I am wanting to start a new African tank but looking for mid level schooling fish that swim the length of the tank all day long. I would prefer decent color in both sexes.

Any suggestions?

Oh the tank is 135 gallons 72X18X24.


----------



## Fogelhund (Dec 3, 2002)

What other species of fish will you be keeping?


----------



## eddy (Jan 16, 2009)

Fogelhund said:


> What other species of fish will you be keeping?

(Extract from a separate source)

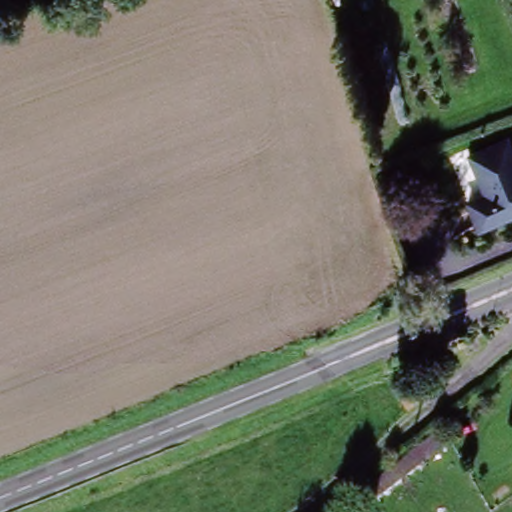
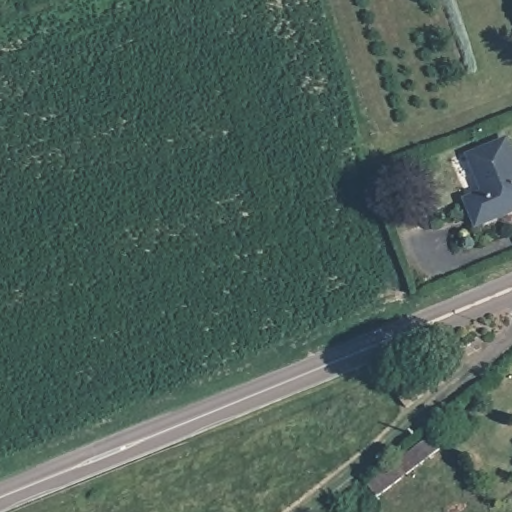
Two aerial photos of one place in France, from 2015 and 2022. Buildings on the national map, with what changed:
unchanged [(478,225),(469,199),(484,193),(469,153),(507,139),(512,154),(512,200),(512,212),(478,225)]

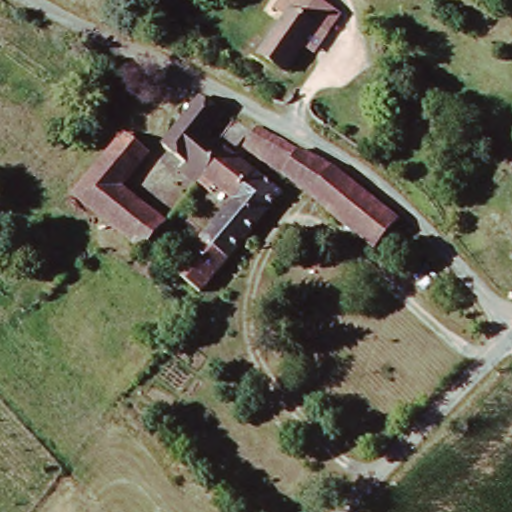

 I'm looking for a primary species that swims the length of the tank back and forth. The other fish if any will depend on compatibility to that species.


----------



## reflexhunter (Jul 25, 2009)

look at the cyprichromis leptosma these are supposed to be a schooling type of open water cichlid. gl


----------



## richey rich (Sep 12, 2009)

i would defo go for a couple of dolphin malawi cichlids.. i cant remember there proper name but there awsome! grow to around 10 inches and grow a bump on there head and a dolphin shape face, also they like to swim alot and with a tank like yours would be ideal size. im not sure how much these cost as adults or where u get them from but my store sells juvelnile ones and i couldnt help but get one :thumb:


----------



## richey rich (Sep 12, 2009)

i would defo go for a couple of dolphin malawi cichlids.. i cant remember there proper name but there awsome! grow to around 10 inches and grow a bump on there head and a dolphin shape face, also they like to swim alot and with a tank like yours would be ideal size. im not sure how much these cost as adults or where u get them from but my store sells juvelnile ones and i couldnt help but get one :thumb:


----------



## oldcatfish (May 27, 2009)

I'd put some small piles of rockwork at one or both ends of the tank, but leave the middle open. 
Then I'd add a group of sand dwelling species such as C. Moori (the blue dolphin cichlid as suggested already) or Placidochromis Electra for the open area. For the rocky area it would be a smaller Mbuna such as Labidochromis Caeruleus "electric yellow" or P. Saulosi. You might also be able to get away with Scianochromis Fryeri "electric blue hap."


----------